*** Source information ***

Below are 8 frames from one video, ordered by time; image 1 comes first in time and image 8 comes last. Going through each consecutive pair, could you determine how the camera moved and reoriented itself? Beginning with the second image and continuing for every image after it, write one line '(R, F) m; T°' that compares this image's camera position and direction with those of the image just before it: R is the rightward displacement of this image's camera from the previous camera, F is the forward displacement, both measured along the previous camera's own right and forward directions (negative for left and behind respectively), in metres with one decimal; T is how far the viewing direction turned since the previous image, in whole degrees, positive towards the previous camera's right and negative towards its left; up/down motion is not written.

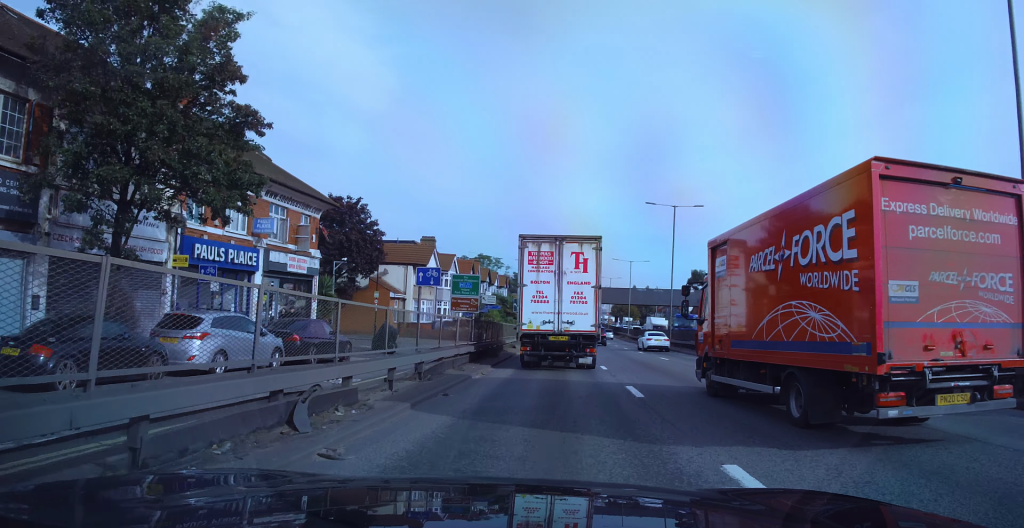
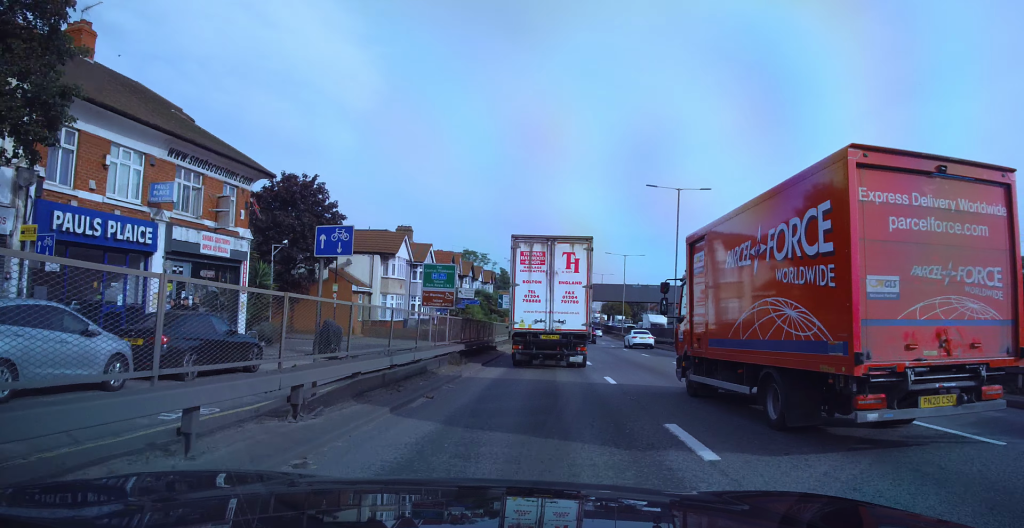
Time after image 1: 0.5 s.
(0.0, +6.4) m; 0°
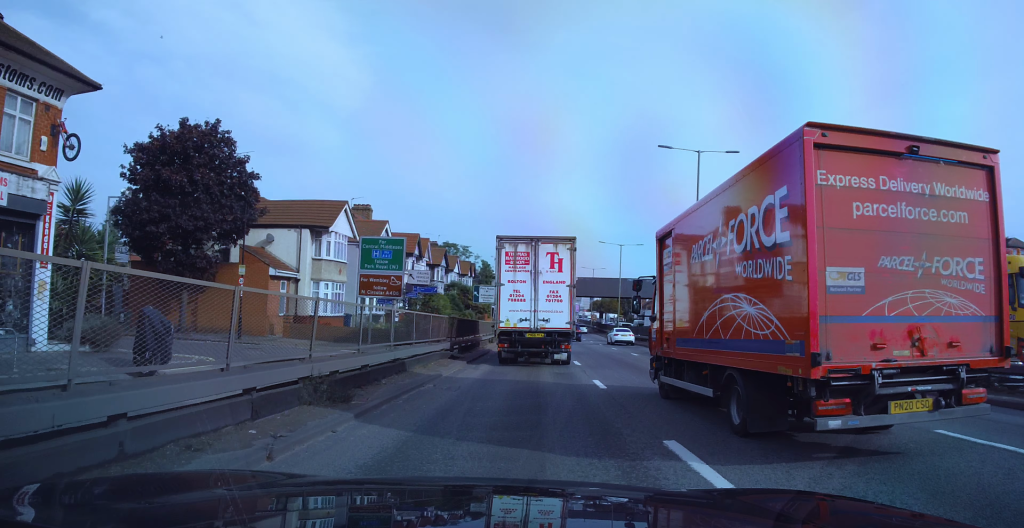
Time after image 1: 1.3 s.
(-0.1, +9.9) m; 0°
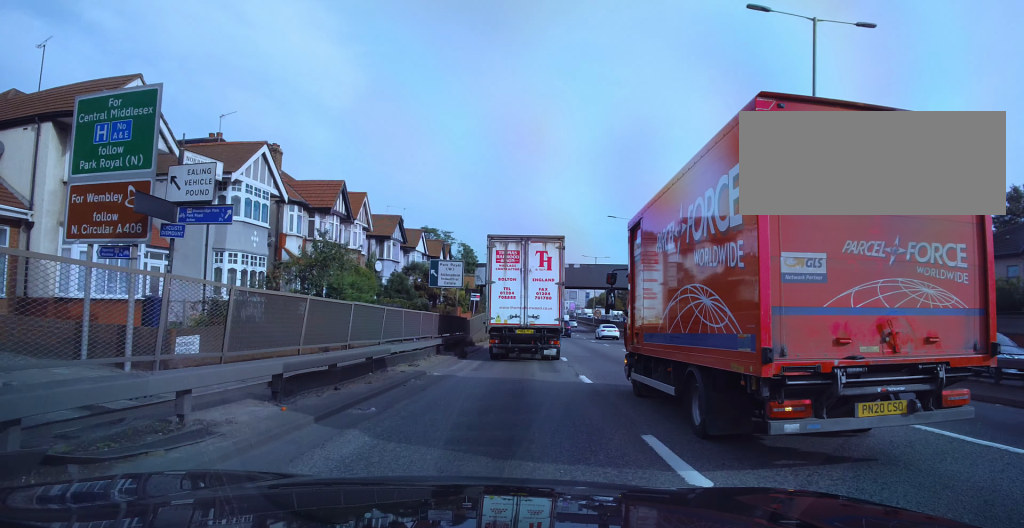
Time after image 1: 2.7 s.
(+0.2, +17.7) m; +1°
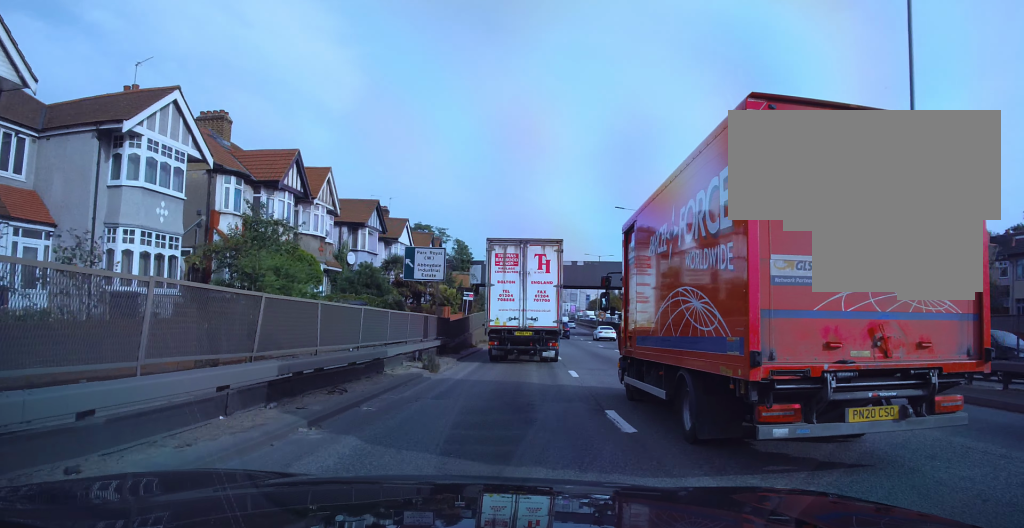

*** End of Source information ***

Output the data verbatim, images excluded.

*Expected output:*
Below are 8 frames from one video, ordered by time; image 1 comes first in time and image 8 comes last. Going through each consecutive pair, could you determine how the camera moved and reoriented itself? Beginning with the second image and continuing for every image after it, write one line '(R, F) m; T°' that compares this image's camera position and direction with those of the image just before it: R is the rightward displacement of this image's camera from the previous camera, F is the forward displacement, both measured along the previous camera's own right and forward directions (negative for left and behind respectively), in metres with one decimal; T is how far the viewing direction turned since the previous image, in whole degrees, positive towards the previous camera's right and negative towards its left; up/down motion is not written.

Time after image 1: 0.5 s.
(0.0, +6.4) m; 0°
Time after image 1: 1.3 s.
(-0.1, +9.9) m; 0°
Time after image 1: 2.7 s.
(+0.2, +17.7) m; +1°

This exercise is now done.